There is also not as much firm assurance for small businesses that struggle in the small market with up to 30 percent of business income devoted to providing employee health insurance. Those costs prevent hiring more employees and hinders business growth.

Tamara Drangstveit, executive director of the Family and Intercultural Resource Center, said she does believe reinsurance programs work, especially for people who shop for insurance on the individual market. However, she doesn’t see the theory of trickle-down savings by shoring up the individual market as a firm strategy meant for small business runners like herself.

“Reinsurance won’t really help the small business market, which I think is where we see the most amount of pain in this community,” Drangstveit said. “The premiums that small businesses like FIRC have to bear are crippling.”
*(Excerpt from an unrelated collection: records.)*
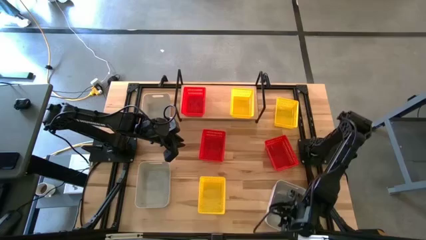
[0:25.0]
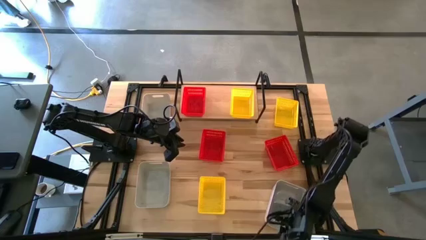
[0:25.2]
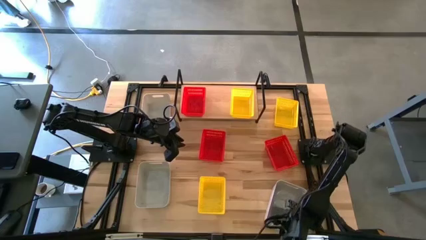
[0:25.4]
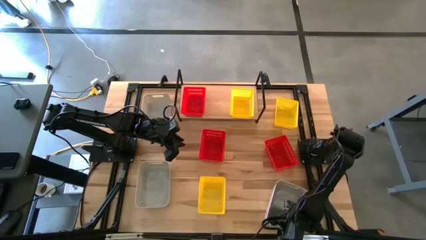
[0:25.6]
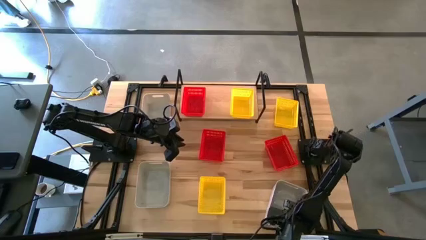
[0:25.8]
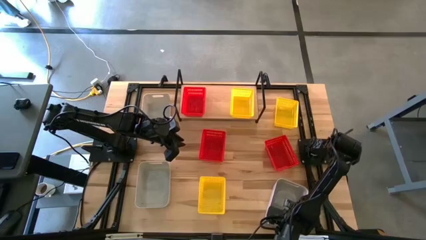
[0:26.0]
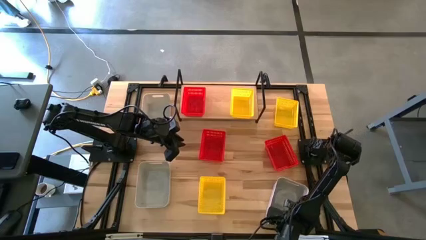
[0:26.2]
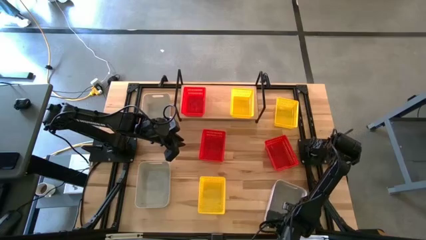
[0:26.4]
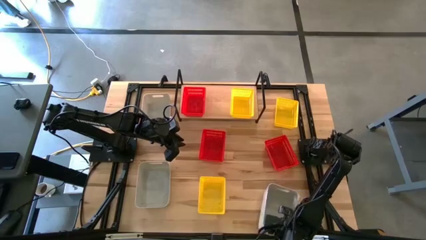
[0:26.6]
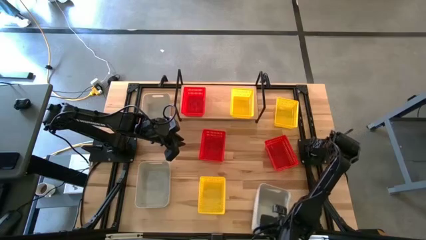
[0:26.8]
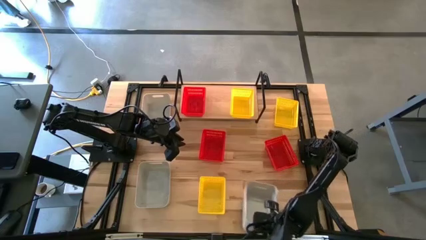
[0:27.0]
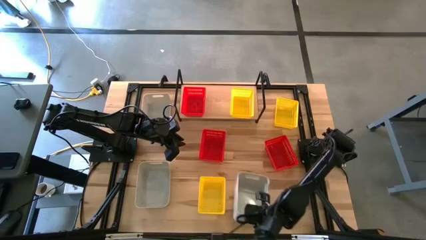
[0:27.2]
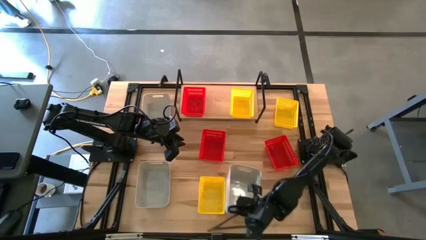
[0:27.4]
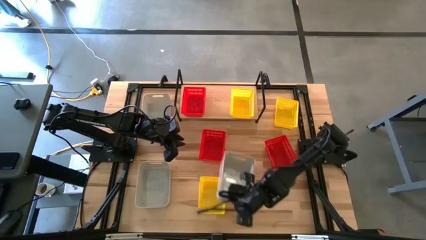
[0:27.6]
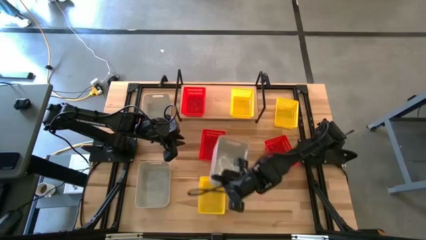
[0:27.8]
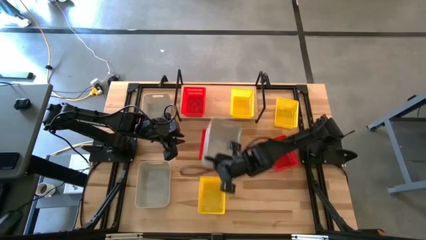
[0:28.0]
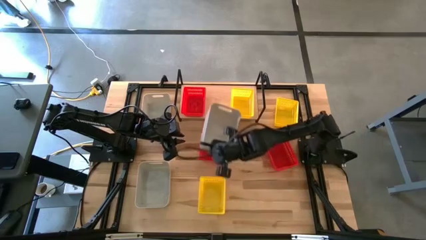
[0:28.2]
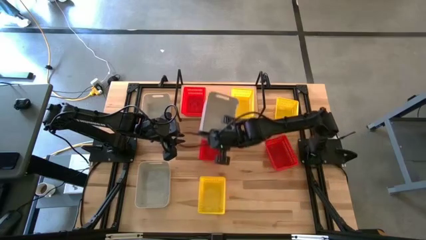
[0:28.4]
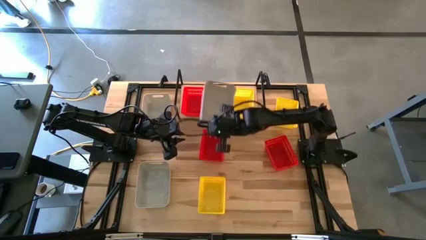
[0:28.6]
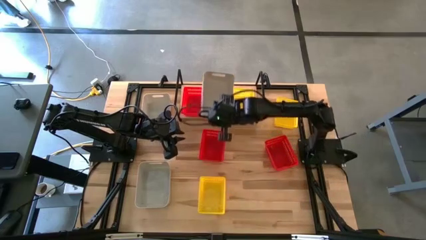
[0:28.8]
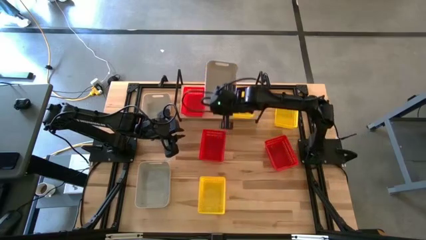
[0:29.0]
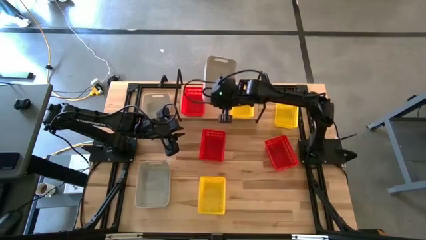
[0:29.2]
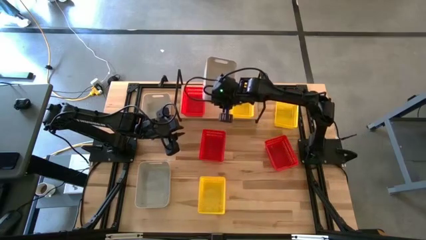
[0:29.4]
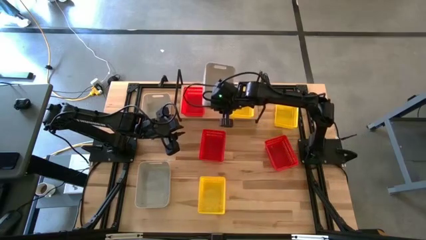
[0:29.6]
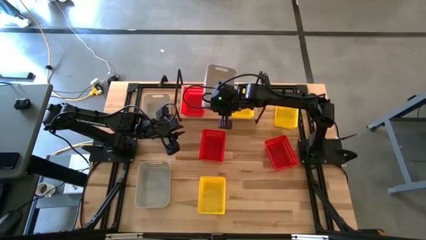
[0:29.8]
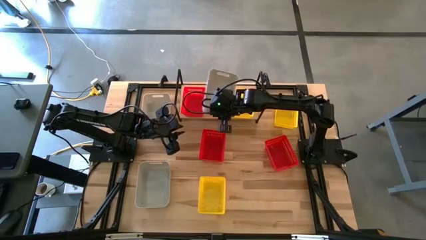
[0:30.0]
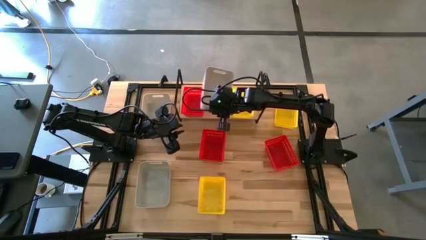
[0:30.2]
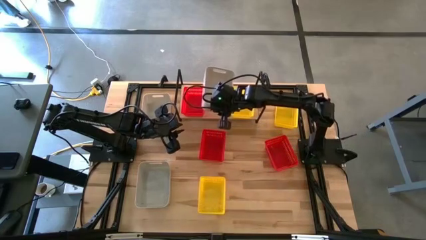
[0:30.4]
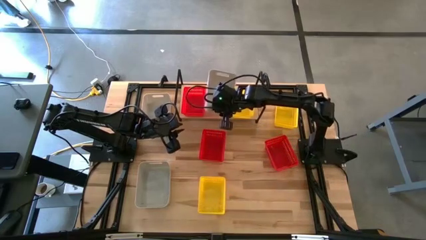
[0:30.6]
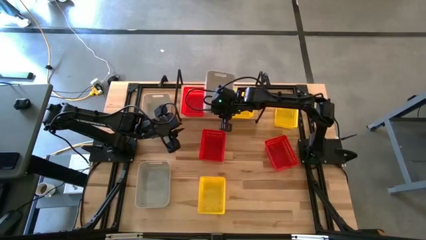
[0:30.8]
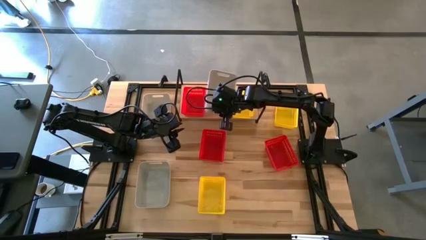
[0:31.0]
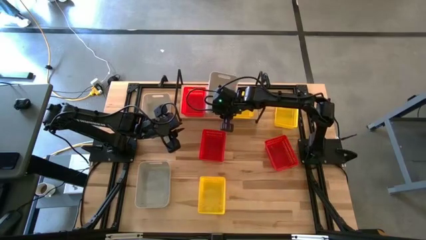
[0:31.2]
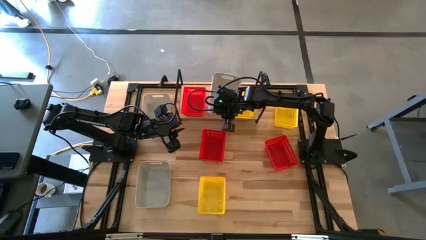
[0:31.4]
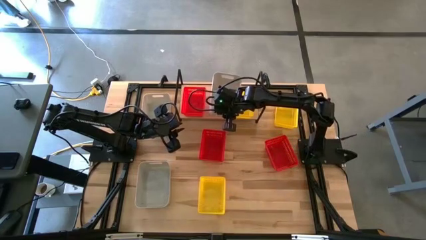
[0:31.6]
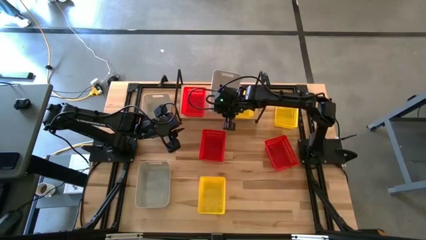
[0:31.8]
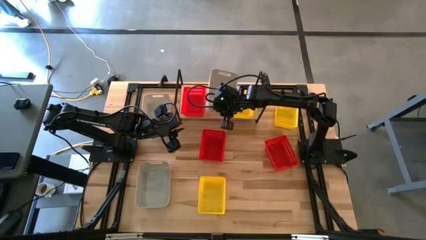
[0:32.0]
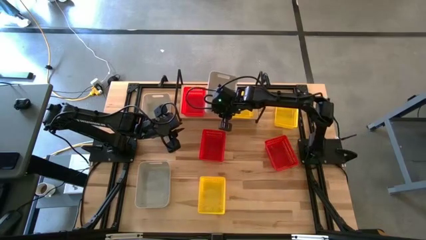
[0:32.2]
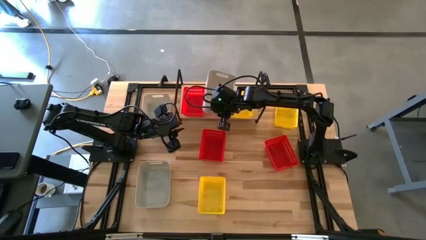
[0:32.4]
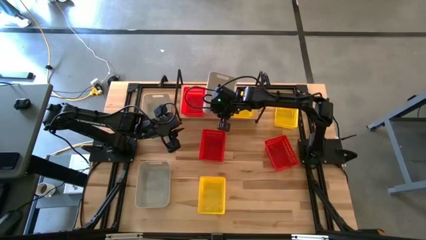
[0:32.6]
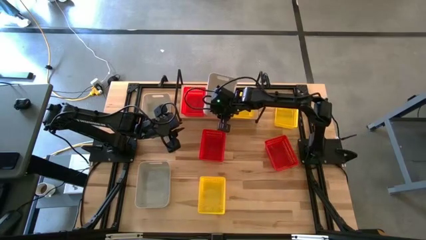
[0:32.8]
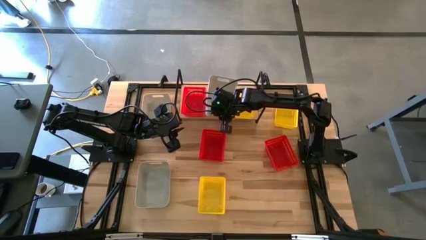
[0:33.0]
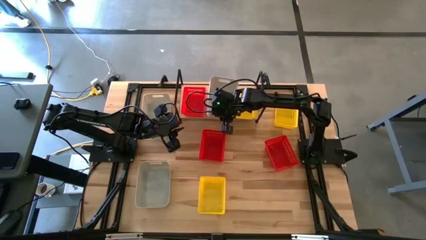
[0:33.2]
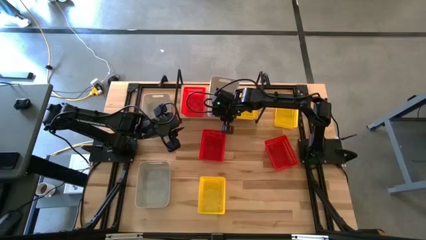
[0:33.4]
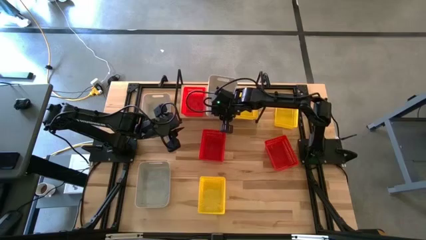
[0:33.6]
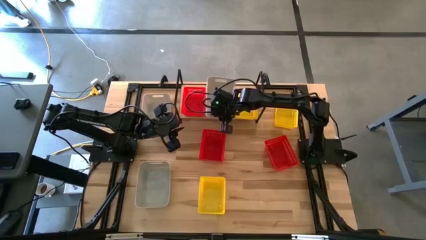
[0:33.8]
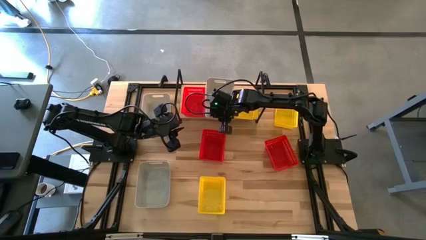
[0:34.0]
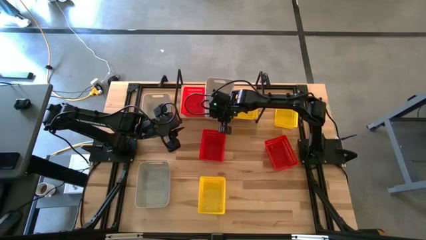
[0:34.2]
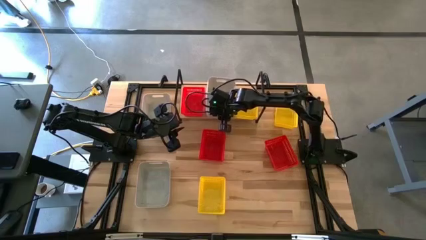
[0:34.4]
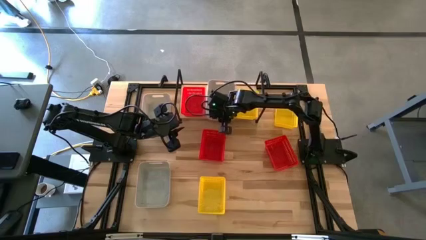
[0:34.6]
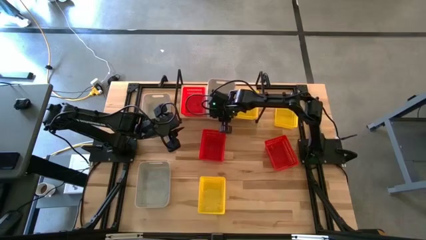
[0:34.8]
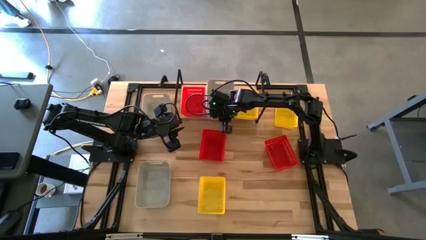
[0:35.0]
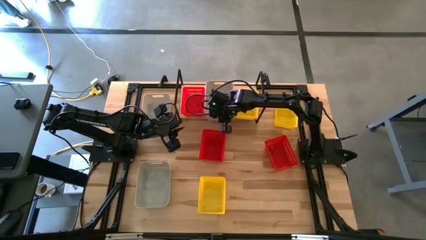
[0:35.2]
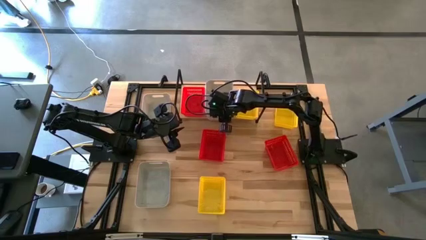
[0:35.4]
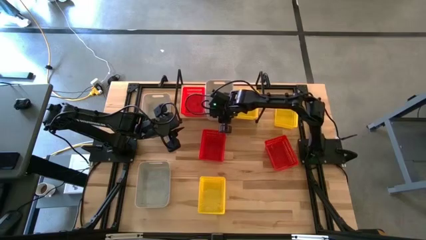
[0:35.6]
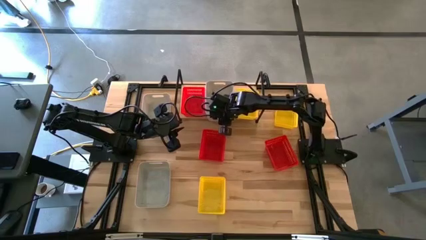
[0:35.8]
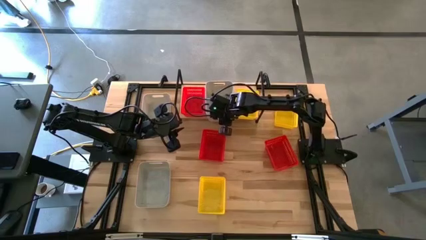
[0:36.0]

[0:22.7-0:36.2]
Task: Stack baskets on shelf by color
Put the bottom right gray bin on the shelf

Drangstveit added that she feels ideas like Summit County’s newly introduced Peak Health Alliance, a collaborative health cost negotiation program for the county’s largest self-funding employers, is better suited for the purposes of businesses like hers, and may work in conjunction with reinsurance to bring down costs overall.

Regardless, Drangstveit said she was very excited about the fact that unique, new strategies are finally taking flight. Health care has become the kind of complex problem that mandates innovative thinking and a lot of new, bold ideas. Drangstveit said that these new efforts are giving her hope that state government will be able to come up with a real solution.

“My takeaway from tonight is that for the first time, there seems to be a wide range of strategies that are really trying to fix the problem at all levels,” she said. “From transparency, to direct negotiations, to pilot projects that let people buy into insurance, to reinsurance, there’s a strategy for everything.